ただし、これらの案は、現在の割当雇用制度の調整金的な性格(納付金を財源に、調整金を支給して、障害者雇用に伴う事業主間の経済的負担を平等化する)に修正を迫ることを意味します。
 
さらに違う案(C案)として、すべての企業が法定雇用率を達成できないように(ご指摘されているところでもありますが)、あるいは雇用率完全達成を可能な限り引き延ばすために、さまざまな工夫をすることもかんがえられます。たとえば、重度障害者のダブルカウントを1.5人カウントにしたり又は廃止したり、「特例子会社」制度に関する現在のあり方を修正したり、するなどです。
 
以上の案の現実的妥当性は、もちろん、なお慎重な検討を要しますので、今後とも、さまざまな可能性を考えていく必要があるとおもわれます。
 
そもそも、たとえば過去と現在の構造的な不利益処遇によって生まれている格差を是正する措置として割当雇用制度を捉えるのであれば、実のところ、この制度は、量的側面のみならず、質的側面も問われるべきものであるかもしれません。つまり、割当雇用制度のあり方は、質的側面を考慮に入れて、再検討する必要もでてきます。このような考え方の下では、「頭数さえ揃えばよく」というのは否定されます。すなわち、一定の質を伴った量でなければ、量としてカウントしない、ということになります。
○ Q
合理的配慮には救済可能性ありとのことですが、具体的にはどのような効果が現状での解消法や促進法の中でありえるのでしょうか。
法的効果が認められるのでしょうか。
● A
すこし誤解を招く表現であったかもしれません。差別解消法、雇用促進法は、私法上の効果を規定していません。私法上の効果は、民法等の規定に従って、個々の事案に応じ判断されることになります。今後の司法の動向が注目されます。
○ Q
わかりやすいお話をありがとうございました。
障がい者を雇用して調整金、納付金の分を合理的配慮につかうというのは一面でうなづけるものですが、障がいの人を雇用することで発生する人的負担、育成にかかる費用(一般的に学ぶ機会がすくない、あるいは経験がすくないことに由来したり、知的障がいのある方など、ある程度仕事ができるようになるまで時間のかかる人は多いかと思います)などを考えあわせるとそういった面に調整金がつかわれてきたのではと考えられます。

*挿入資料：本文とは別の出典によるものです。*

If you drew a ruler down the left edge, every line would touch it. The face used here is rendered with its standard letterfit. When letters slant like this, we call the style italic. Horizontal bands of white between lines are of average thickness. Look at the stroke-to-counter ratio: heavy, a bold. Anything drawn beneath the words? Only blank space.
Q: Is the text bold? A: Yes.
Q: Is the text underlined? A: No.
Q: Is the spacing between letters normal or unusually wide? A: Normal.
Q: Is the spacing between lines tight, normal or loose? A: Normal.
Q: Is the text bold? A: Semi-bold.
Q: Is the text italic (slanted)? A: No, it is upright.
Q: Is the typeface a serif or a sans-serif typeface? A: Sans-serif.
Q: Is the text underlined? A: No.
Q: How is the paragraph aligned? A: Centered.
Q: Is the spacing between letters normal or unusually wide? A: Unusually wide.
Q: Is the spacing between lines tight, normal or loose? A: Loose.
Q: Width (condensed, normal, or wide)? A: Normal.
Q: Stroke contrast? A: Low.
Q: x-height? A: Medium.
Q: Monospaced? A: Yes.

そうなるとやはりプラスαの負担になってしまう企業も多いかと思います。
もちろん合理的配慮は行われるべきことだとは思うのですが。
● A
ある特定の個人のために行われる合理的配慮には、最低限、どれくらいの費用をかけるべきかという問題があります。この問題を考える場合には、個別具体的な事情に応じて、さまざまな関連費用を考慮しなければなりません。今回の報告では、その最も重要な一部として、納付金と調整金という割当雇用制度の中核を占める機会費用に着目しました。
○ Q
特にスライド9枚目について、 これまで法定雇用率未満の障害者しか雇用していない事業主の限界費用が、1人雇用するにつき5万円減少するとのことでしたが、雇用するようになれば2万7千円の給付金も得られるようになることから、1人雇用すれば7万7千円のプラスになると考えたのですが、「5万円」とするのはどうしてですか?

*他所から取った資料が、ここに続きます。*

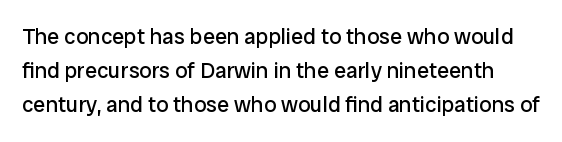
Q: Is the text bold? A: No.
Q: Is the text italic (slanted)? A: No, it is upright.
Q: Is the text underlined? A: No.
Q: Is the spacing between letters normal or unusually wide? A: Normal.
Q: Is the spacing between lines tight, normal or loose? A: Normal.
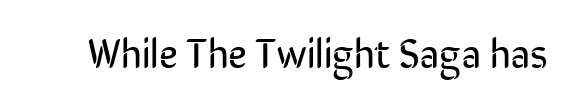
Q: Is the text bold? A: No.
Q: Is the text italic (slanted)? A: No, it is upright.
Q: Is the typeface a serif or a sans-serif typeface? A: Sans-serif.
Q: Is the text underlined? A: No.
Q: Is the spacing between letters normal or unusually wide? A: Normal.
Q: Width (condensed, normal, or wide)? A: Condensed.
Q: Stroke contrast? A: Low.
Q: x-height? A: Medium.
Q: Monospaced? A: No.
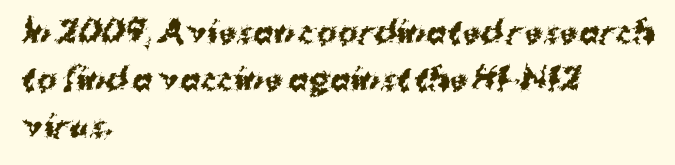
{"serif": "no", "bold": "yes", "weight": "bold", "width": "normal", "stroke_contrast": "medium", "x_height": "medium", "monospaced": "no", "underline": "no", "align": "left", "line_spacing": "normal", "line_spacing_ratio": 1.56, "letter_spacing": "normal", "letter_spacing_em": 0.0, "glyph_px": 30}
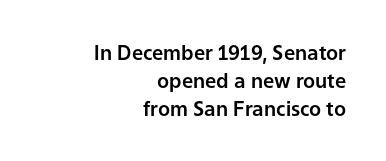
A clean baseline with only descenders dipping below it. A typesetter would call this zero additional tracking. It's the straight-up-and-down kind of type. In CSS terms this would be text-align: right.
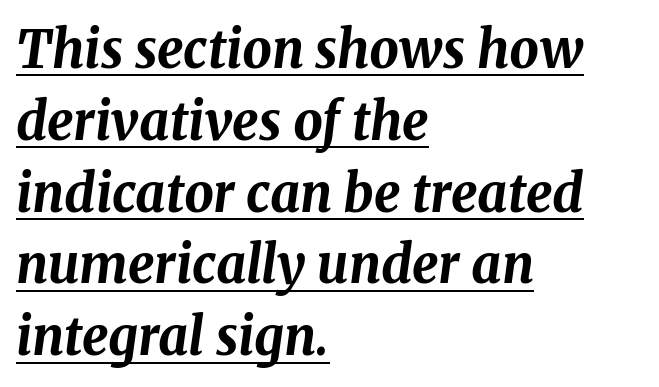
{"italic": "yes", "lean": "right", "slant_degrees": 8, "bold": "yes", "weight": "bold", "width": "normal", "stroke_contrast": "medium", "x_height": "medium", "monospaced": "no", "underline": "yes", "align": "left", "line_spacing": "normal", "line_spacing_ratio": 1.38, "letter_spacing": "normal", "letter_spacing_em": 0.0, "glyph_px": 52}

経済に詳しくないため初歩的なことをおたずねし、申し訳ございません。
● A
雇用率を超えて障害者を雇用している場合(雇用率達成の事業主の場合)には、一人につき月額27,000円の調整金が得られます。しかし、スライド9枚目では、雇用率未達成の事業主の場合を考えています。雇用率未達成の事業主は、不足数に応じて、一人につき月額50,000円の納付金を納付することになりますので、もし一人雇用すれば、月額50,000円の納付金を払わなくてよいことになります。